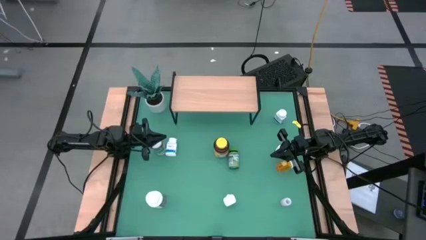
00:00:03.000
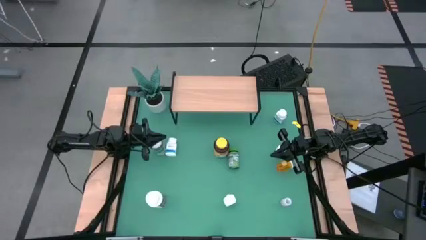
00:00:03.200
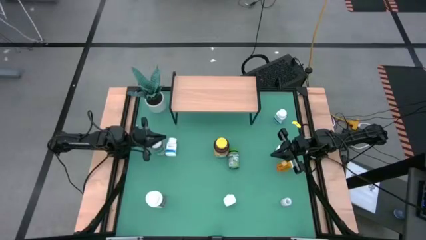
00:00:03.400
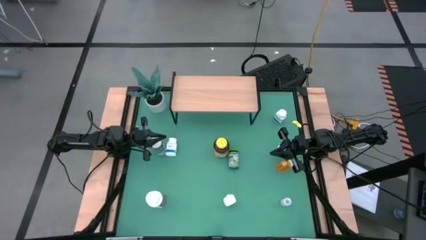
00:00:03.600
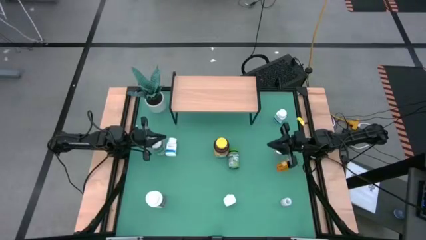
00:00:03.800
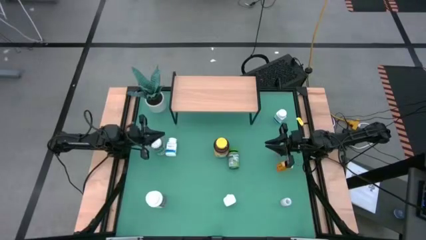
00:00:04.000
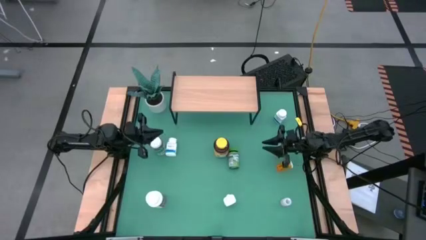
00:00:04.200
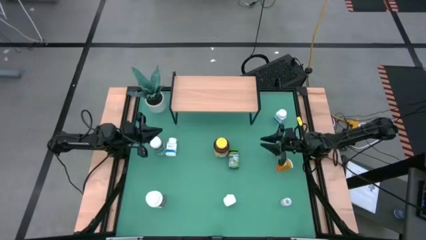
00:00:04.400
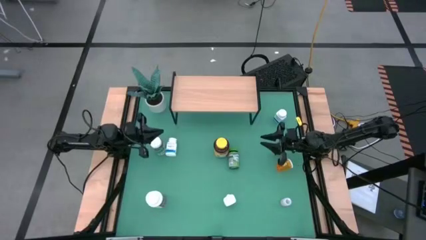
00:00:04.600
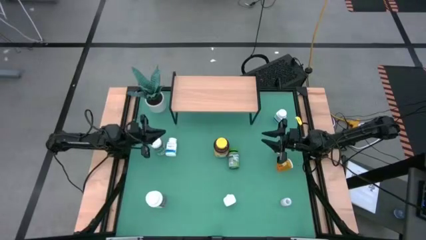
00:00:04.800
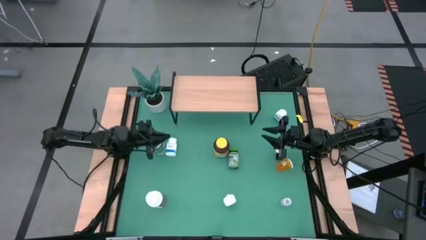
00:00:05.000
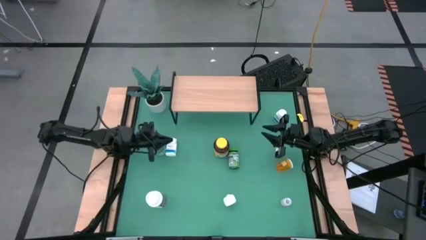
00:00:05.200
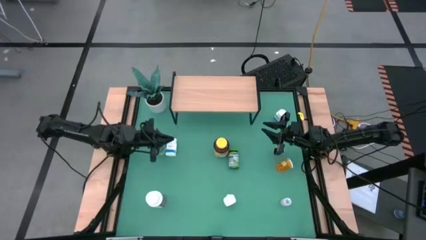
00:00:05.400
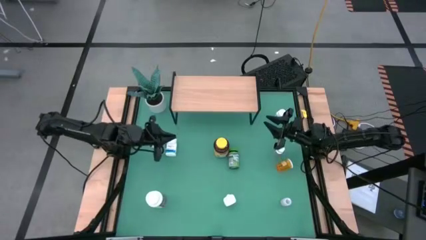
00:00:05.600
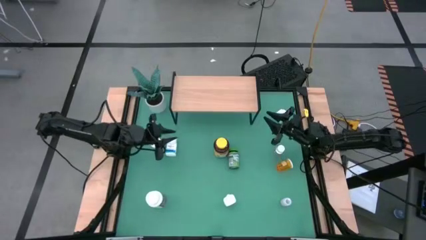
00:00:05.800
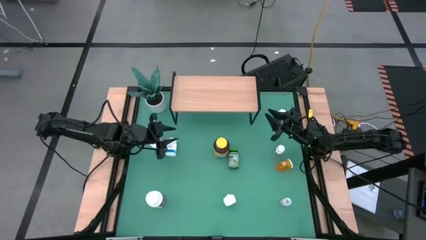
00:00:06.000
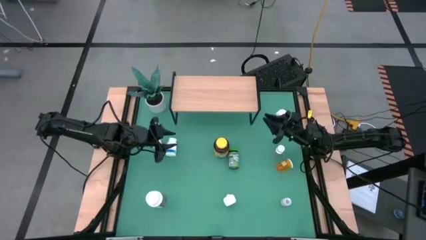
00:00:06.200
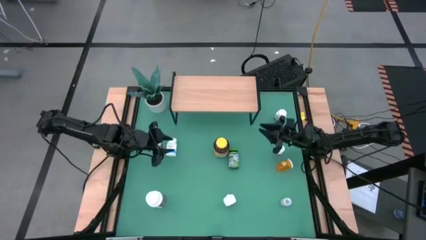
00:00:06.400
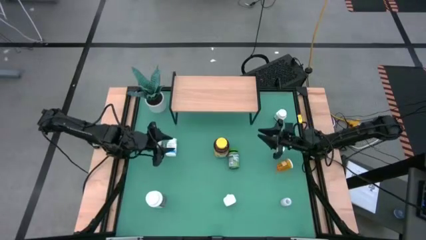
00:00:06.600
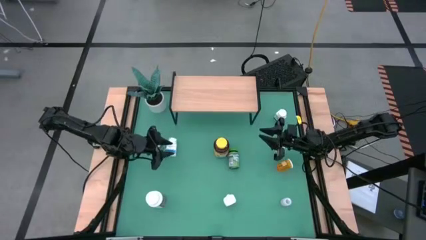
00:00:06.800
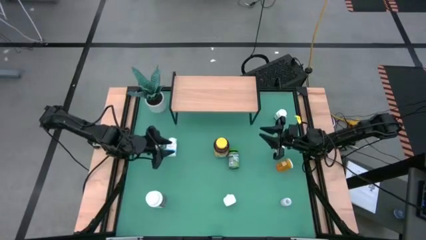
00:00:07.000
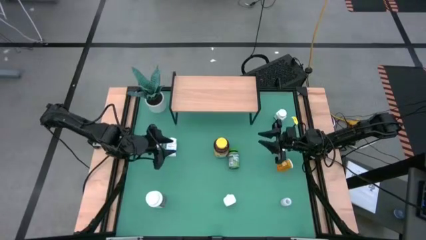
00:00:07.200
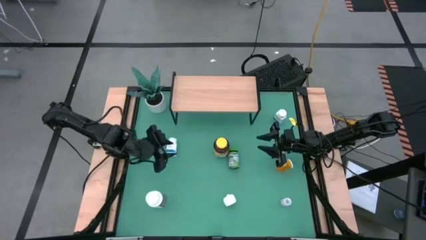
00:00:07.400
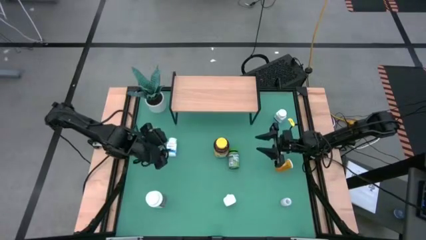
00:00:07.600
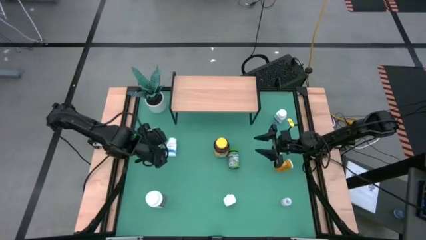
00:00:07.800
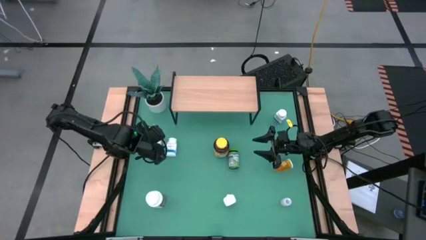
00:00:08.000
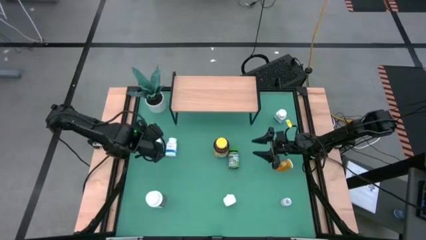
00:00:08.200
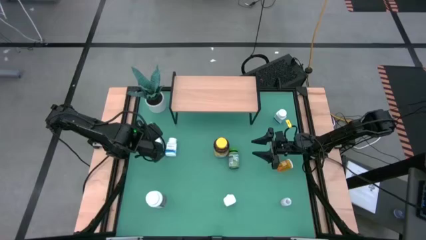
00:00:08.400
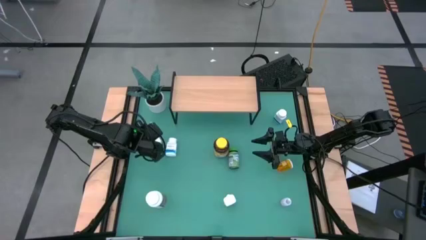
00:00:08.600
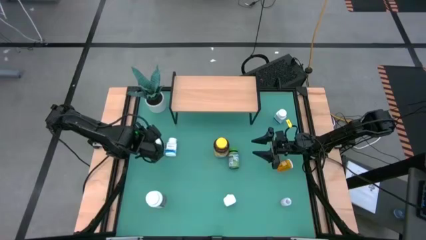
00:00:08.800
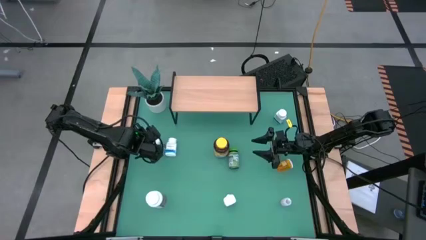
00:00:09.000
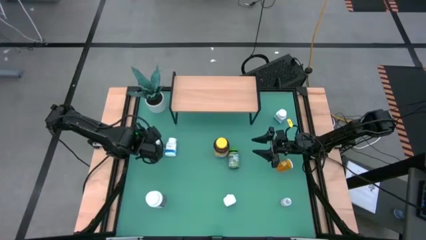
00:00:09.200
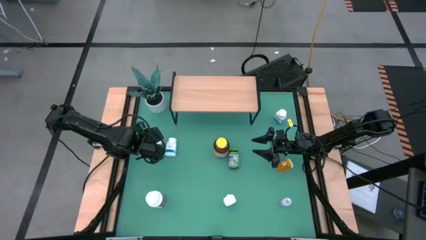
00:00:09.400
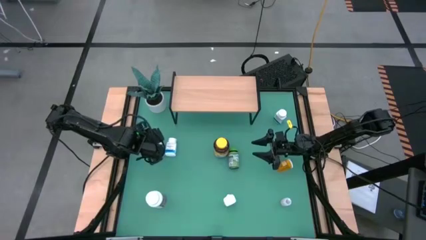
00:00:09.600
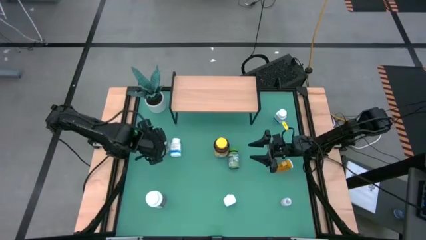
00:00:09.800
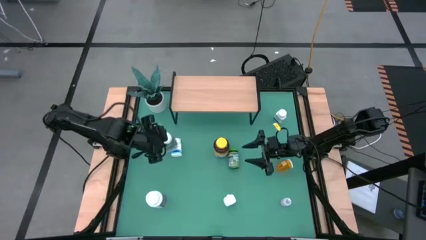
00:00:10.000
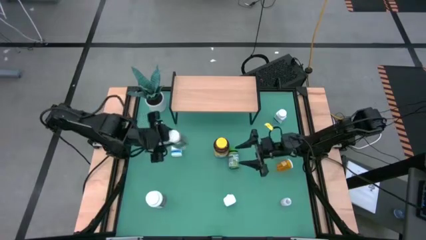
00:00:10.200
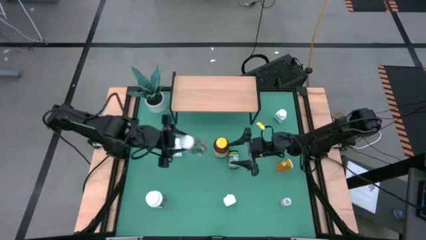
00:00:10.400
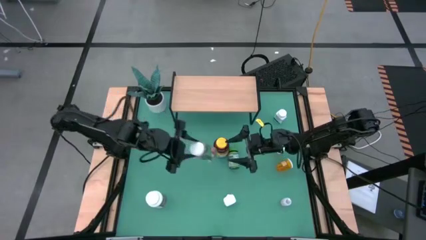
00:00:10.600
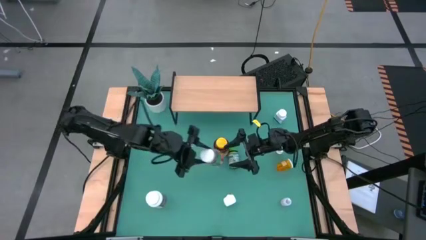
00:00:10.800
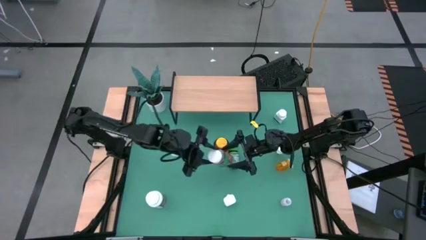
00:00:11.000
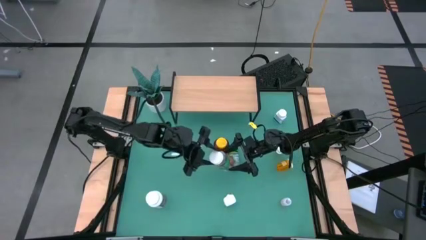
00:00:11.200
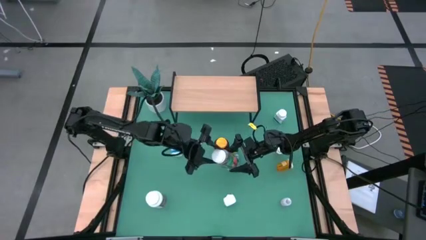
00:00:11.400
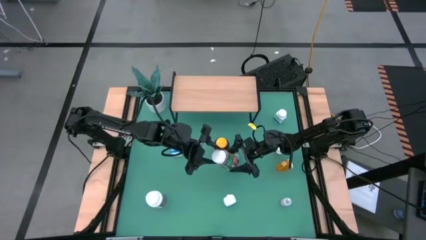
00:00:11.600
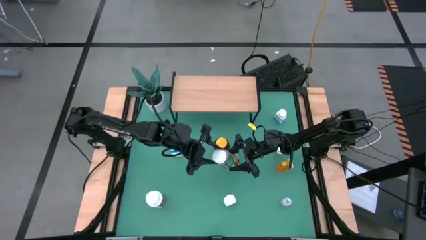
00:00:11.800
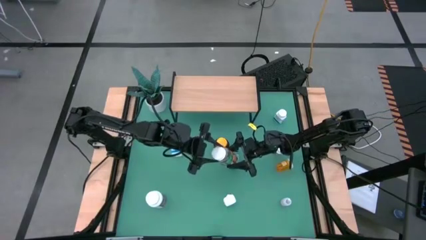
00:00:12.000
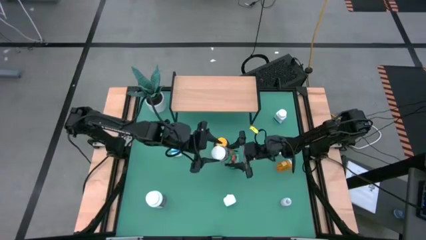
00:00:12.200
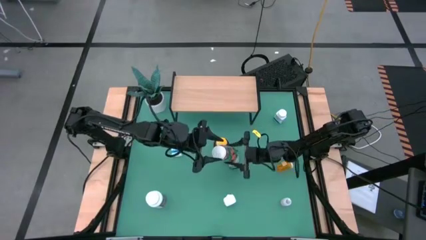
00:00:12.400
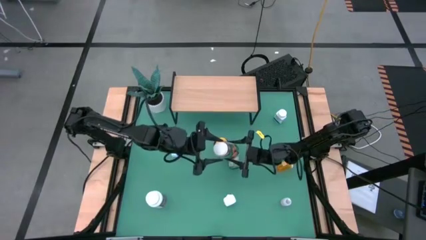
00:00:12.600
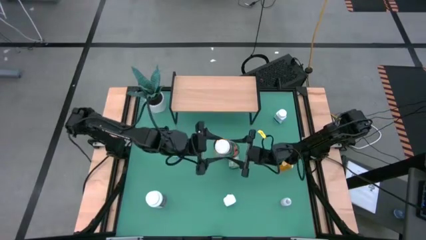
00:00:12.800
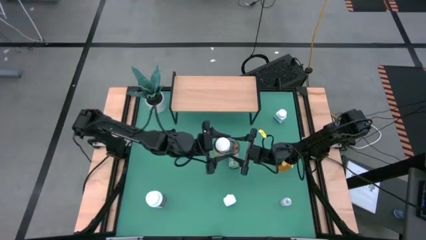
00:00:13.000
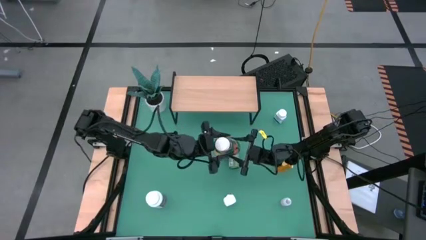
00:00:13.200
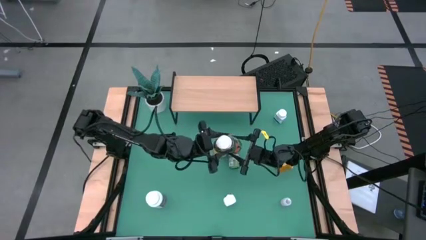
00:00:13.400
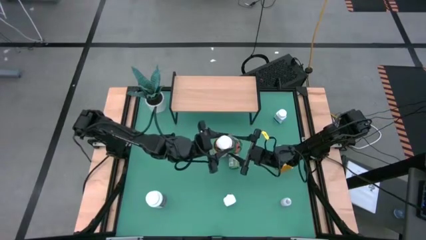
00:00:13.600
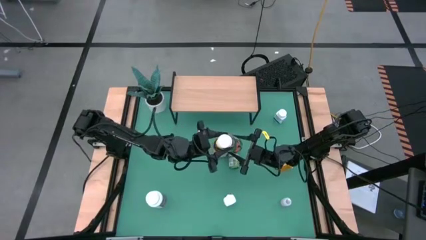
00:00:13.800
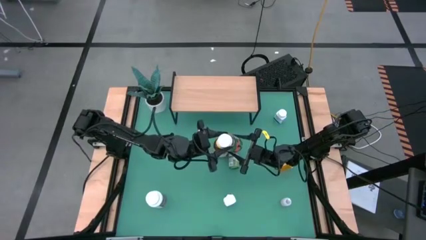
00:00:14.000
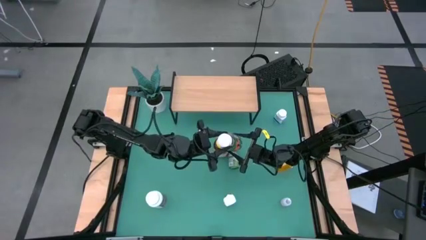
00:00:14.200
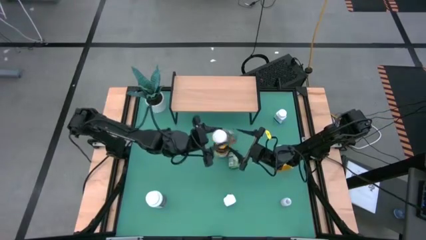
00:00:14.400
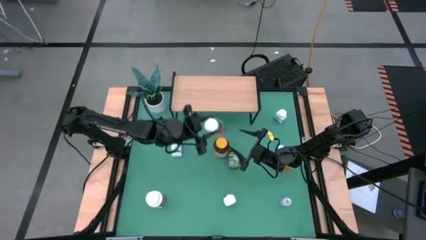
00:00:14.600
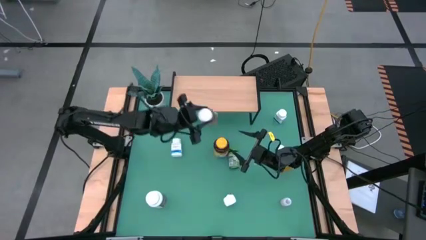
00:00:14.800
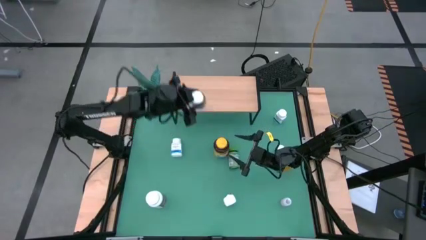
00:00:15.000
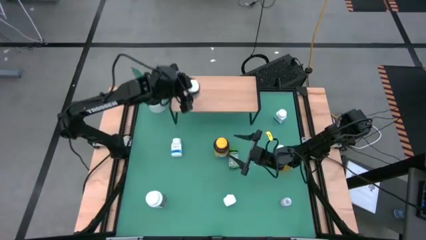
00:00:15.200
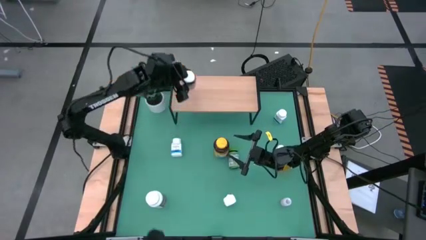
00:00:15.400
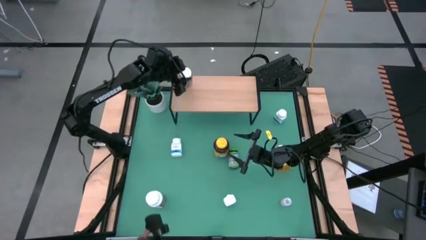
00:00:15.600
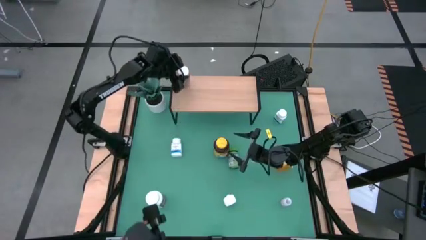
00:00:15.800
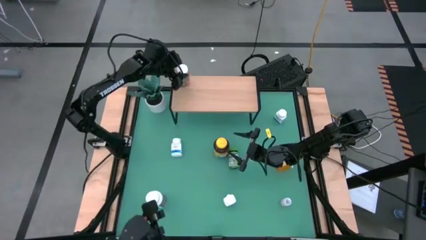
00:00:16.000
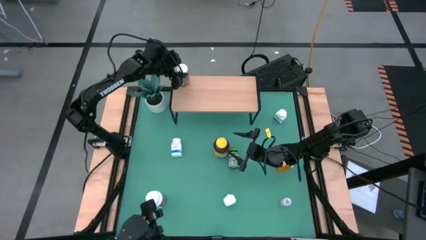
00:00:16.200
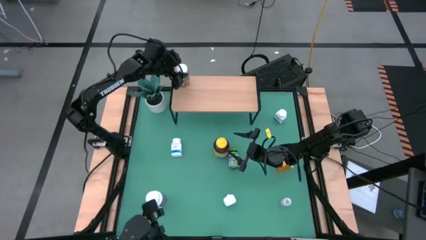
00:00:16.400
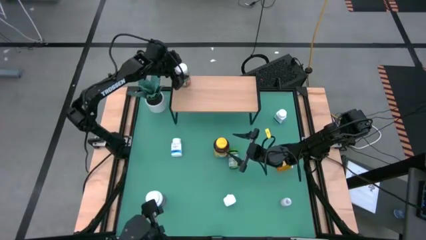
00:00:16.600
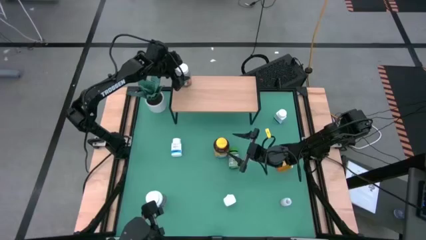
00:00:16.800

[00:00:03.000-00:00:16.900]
Task: Pick and place medicine bottles onto shelf by color
Put the green pill bottle on the shelf

* * *

:: Task to carry out ::
Leave out the pictures and print every line of the data exactly.

:: Answer for this exercise ::
00:00:03.000
00:00:03.200
00:00:03.400
00:00:03.600
00:00:03.800
00:00:04.000
00:00:04.200
00:00:04.400
00:00:04.600
00:00:04.800
00:00:05.000
00:00:05.200
00:00:05.400
00:00:05.600
00:00:05.800
00:00:06.000
00:00:06.200
00:00:06.400
00:00:06.600
00:00:06.800
00:00:07.000
00:00:07.200
00:00:07.400
00:00:07.600
00:00:07.800
00:00:08.000
00:00:08.200
00:00:08.400
00:00:08.600
00:00:08.800
00:00:09.000
00:00:09.200
00:00:09.400
00:00:09.600
00:00:09.800
00:00:10.000
00:00:10.200
00:00:10.400
00:00:10.600
00:00:10.800
00:00:11.000
00:00:11.200
00:00:11.400
00:00:11.600
00:00:11.800
00:00:12.000
00:00:12.200
00:00:12.400
00:00:12.600
00:00:12.800
00:00:13.000
00:00:13.200
00:00:13.400
00:00:13.600
00:00:13.800
00:00:14.000
00:00:14.200
00:00:14.400
00:00:14.600
00:00:14.800
00:00:15.000
00:00:15.200
00:00:15.400
00:00:15.600
00:00:15.800
00:00:16.000
00:00:16.200
00:00:16.400
00:00:16.600
00:00:16.800

[00:00:03.000-00:00:16.900]
Task: Pick and place medicine bottles onto shelf by color
Put the green pill bottle on the shelf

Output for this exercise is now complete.